▶ **Instructions for the task**
Could you copy the records below exactly, keeping none of the images?

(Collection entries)

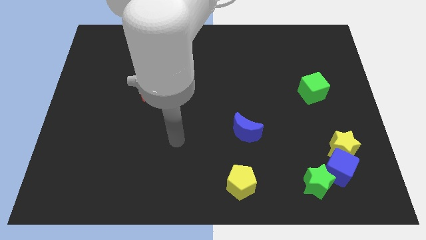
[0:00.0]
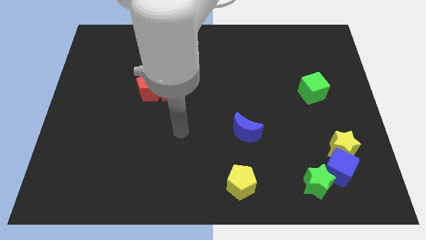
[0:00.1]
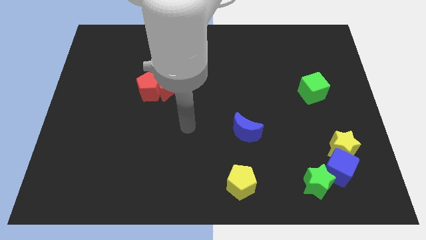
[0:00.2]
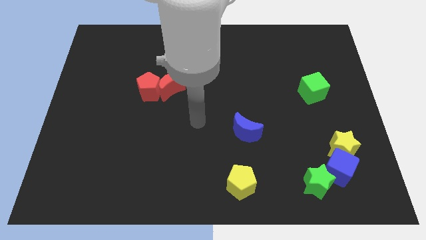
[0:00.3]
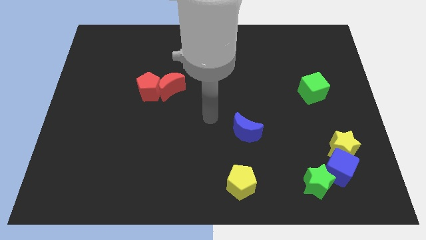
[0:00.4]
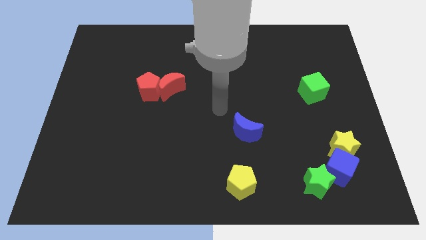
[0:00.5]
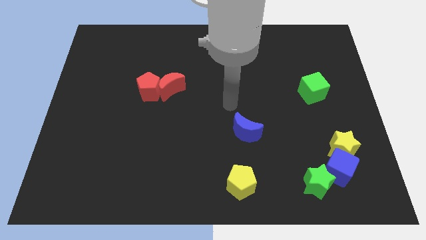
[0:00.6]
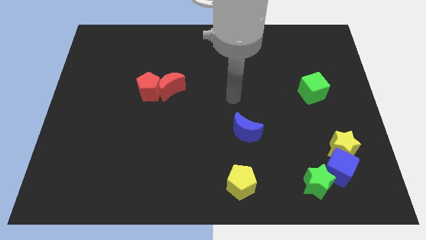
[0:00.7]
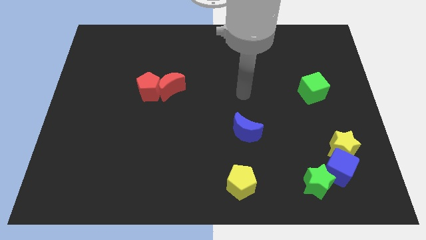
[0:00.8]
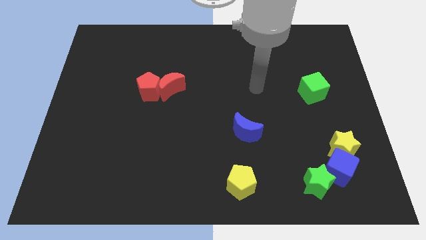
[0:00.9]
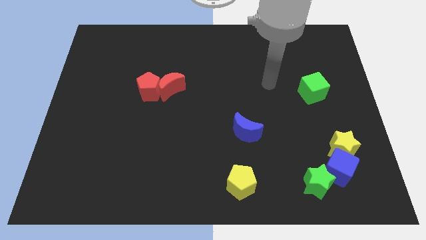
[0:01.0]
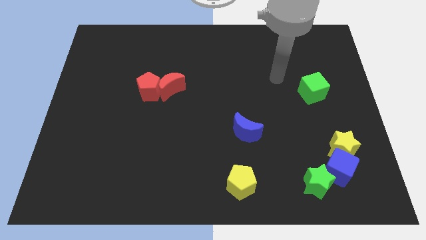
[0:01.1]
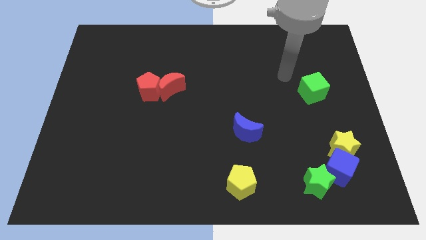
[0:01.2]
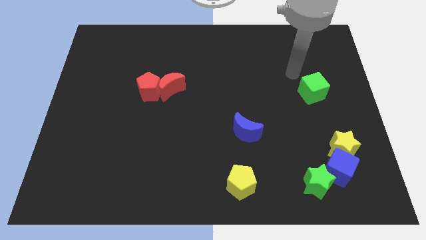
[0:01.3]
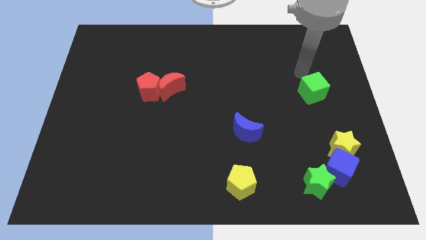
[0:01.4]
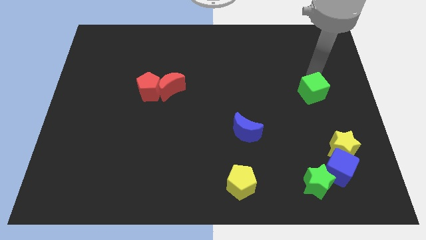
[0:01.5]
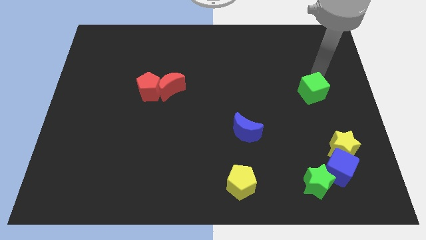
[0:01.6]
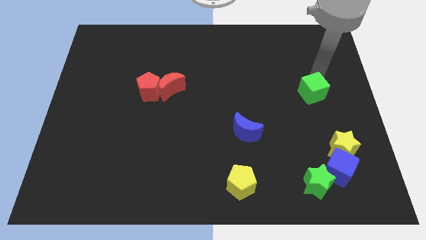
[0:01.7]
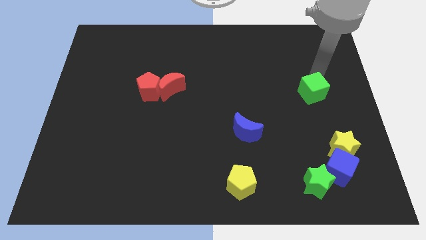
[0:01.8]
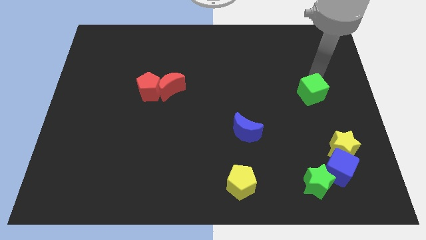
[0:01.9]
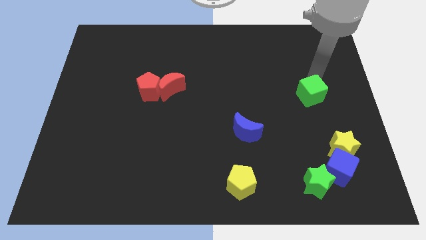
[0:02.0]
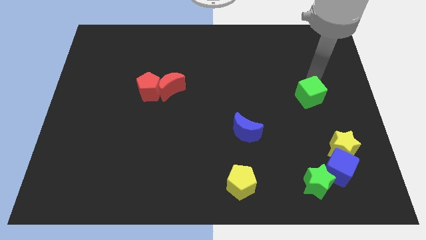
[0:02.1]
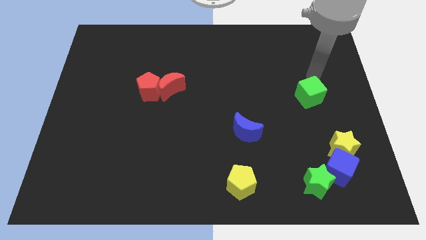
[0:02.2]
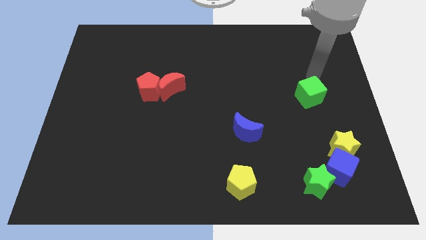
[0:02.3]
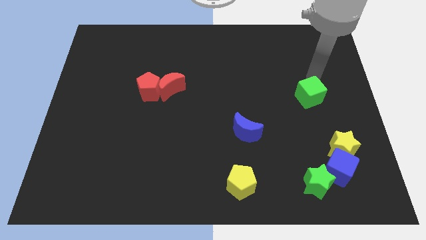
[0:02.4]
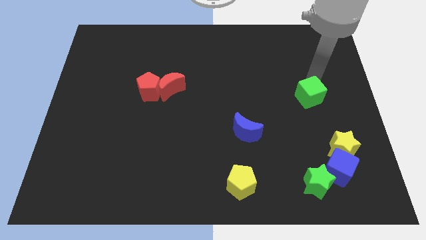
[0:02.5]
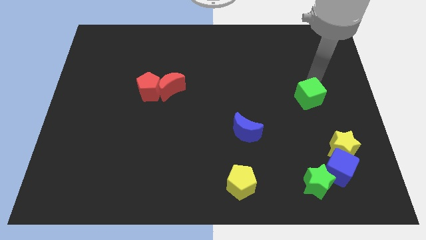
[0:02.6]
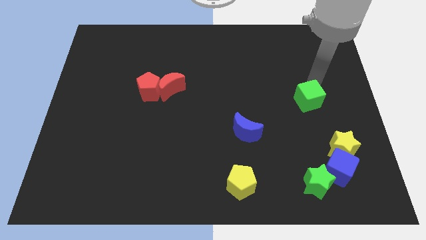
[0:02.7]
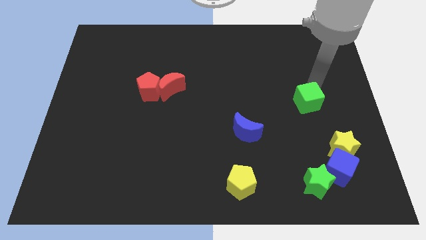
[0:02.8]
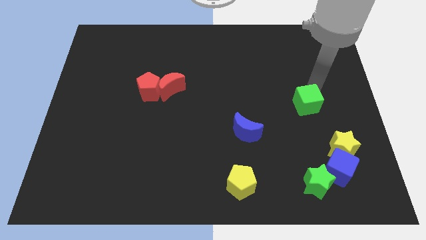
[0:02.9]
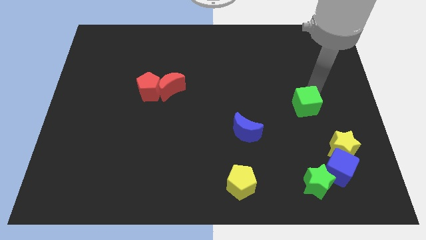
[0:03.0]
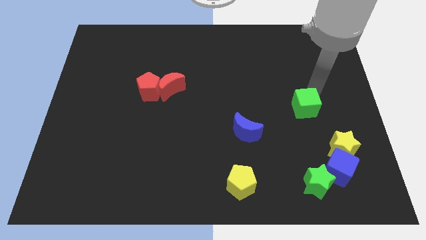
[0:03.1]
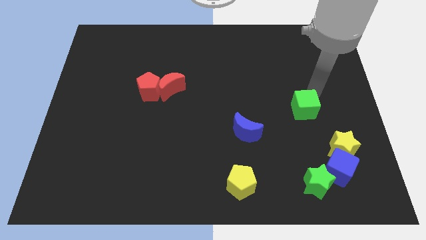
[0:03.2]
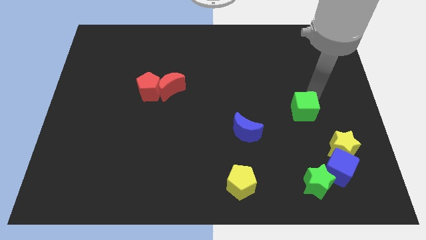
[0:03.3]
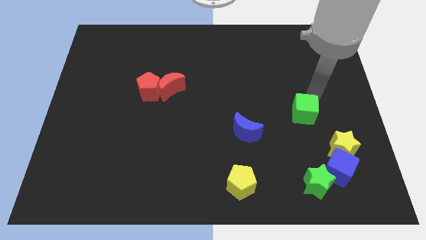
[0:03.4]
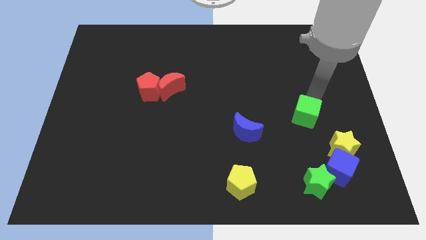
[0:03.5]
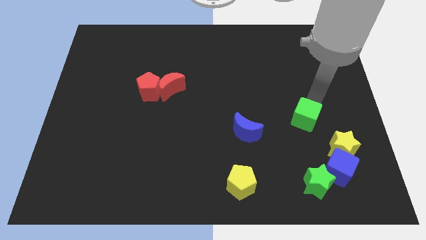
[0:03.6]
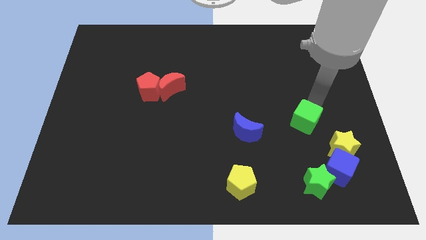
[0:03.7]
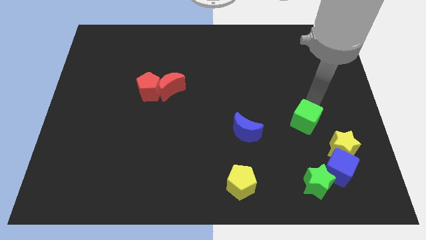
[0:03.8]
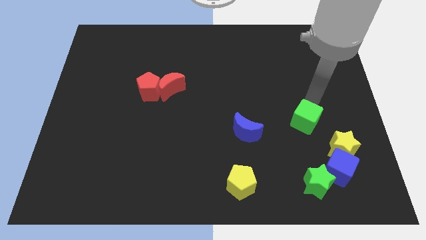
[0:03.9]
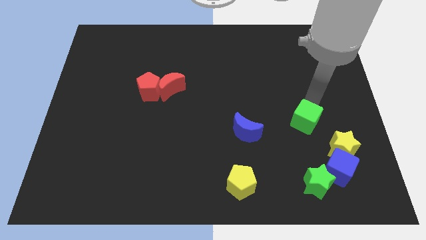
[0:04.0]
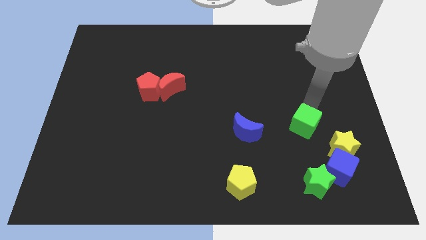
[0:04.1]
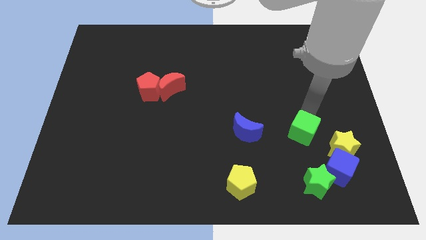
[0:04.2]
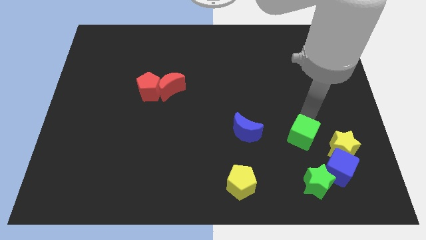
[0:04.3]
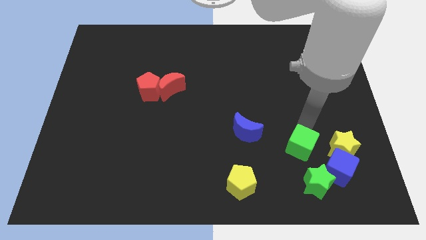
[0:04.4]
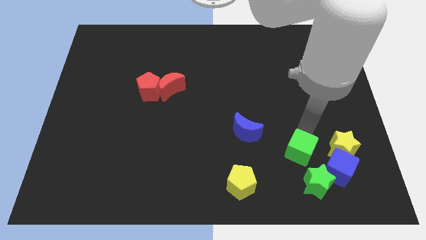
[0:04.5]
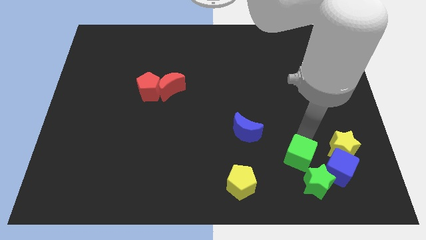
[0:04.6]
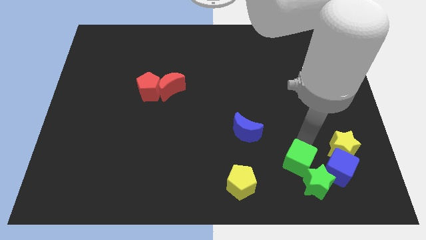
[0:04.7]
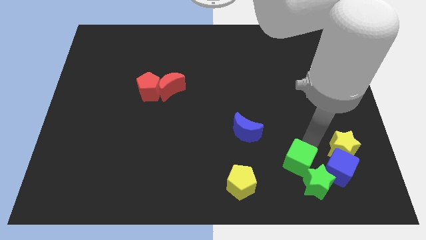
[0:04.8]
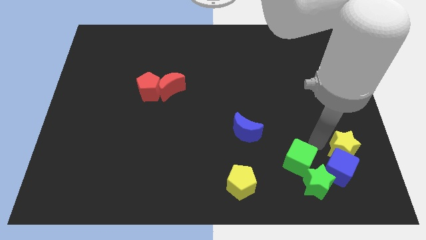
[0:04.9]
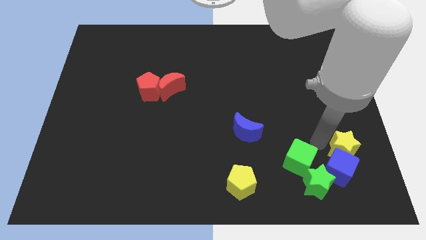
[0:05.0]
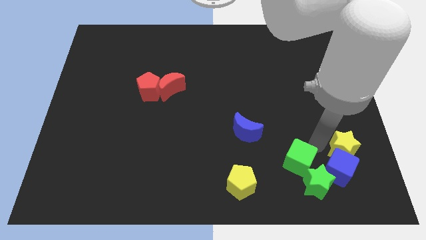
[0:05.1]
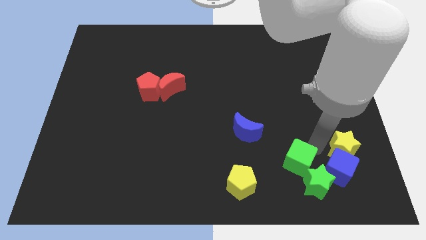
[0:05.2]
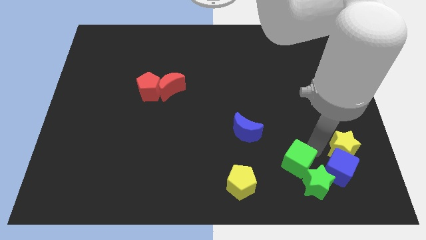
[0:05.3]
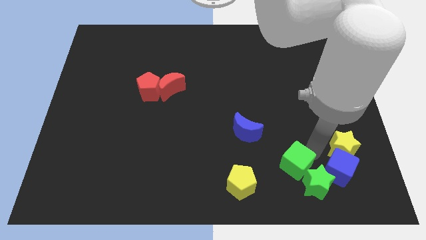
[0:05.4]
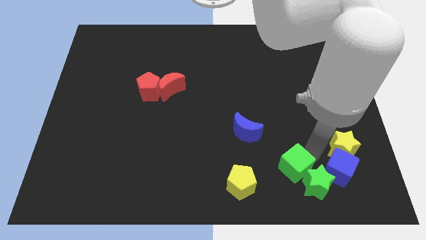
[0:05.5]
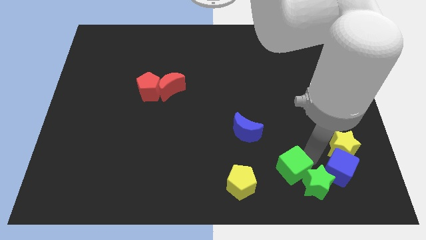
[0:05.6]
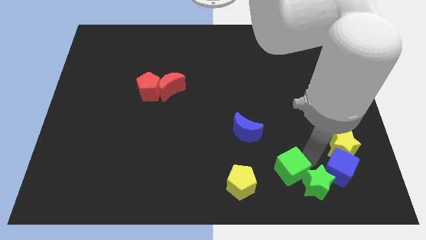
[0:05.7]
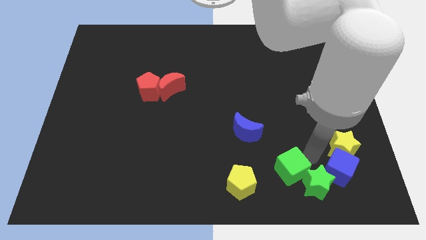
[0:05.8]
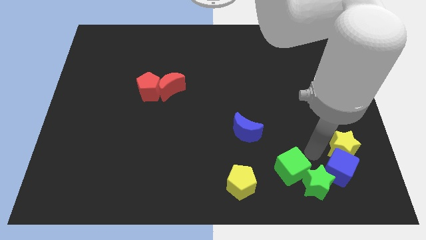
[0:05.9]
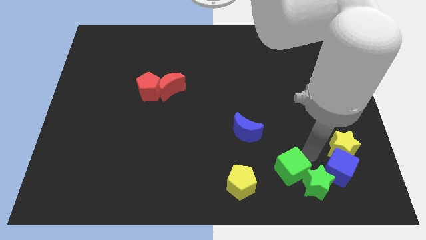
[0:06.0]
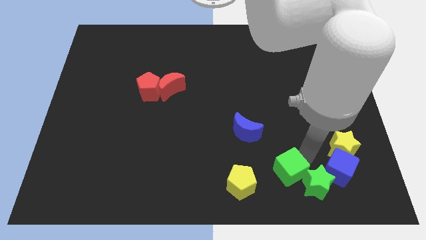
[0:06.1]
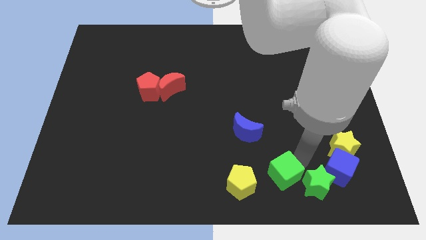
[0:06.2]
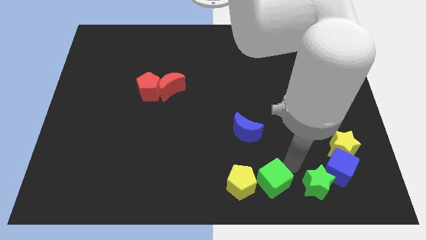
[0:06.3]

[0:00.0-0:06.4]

▶ **Written response**
[0:00.0]
[0:00.1]
[0:00.2]
[0:00.3]
[0:00.4]
[0:00.5]
[0:00.6]
[0:00.7]
[0:00.8]
[0:00.9]
[0:01.0]
[0:01.1]
[0:01.2]
[0:01.3]
[0:01.4]
[0:01.5]
[0:01.6]
[0:01.7]
[0:01.8]
[0:01.9]
[0:02.0]
[0:02.1]
[0:02.2]
[0:02.3]
[0:02.4]
[0:02.5]
[0:02.6]
[0:02.7]
[0:02.8]
[0:02.9]
[0:03.0]
[0:03.1]
[0:03.2]
[0:03.3]
[0:03.4]
[0:03.5]
[0:03.6]
[0:03.7]
[0:03.8]
[0:03.9]
[0:04.0]
[0:04.1]
[0:04.2]
[0:04.3]
[0:04.4]
[0:04.5]
[0:04.6]
[0:04.7]
[0:04.8]
[0:04.9]
[0:05.0]
[0:05.1]
[0:05.2]
[0:05.3]
[0:05.4]
[0:05.5]
[0:05.6]
[0:05.7]
[0:05.8]
[0:05.9]
[0:06.0]
[0:06.1]
[0:06.2]
[0:06.3]

[0:00.0-0:06.4]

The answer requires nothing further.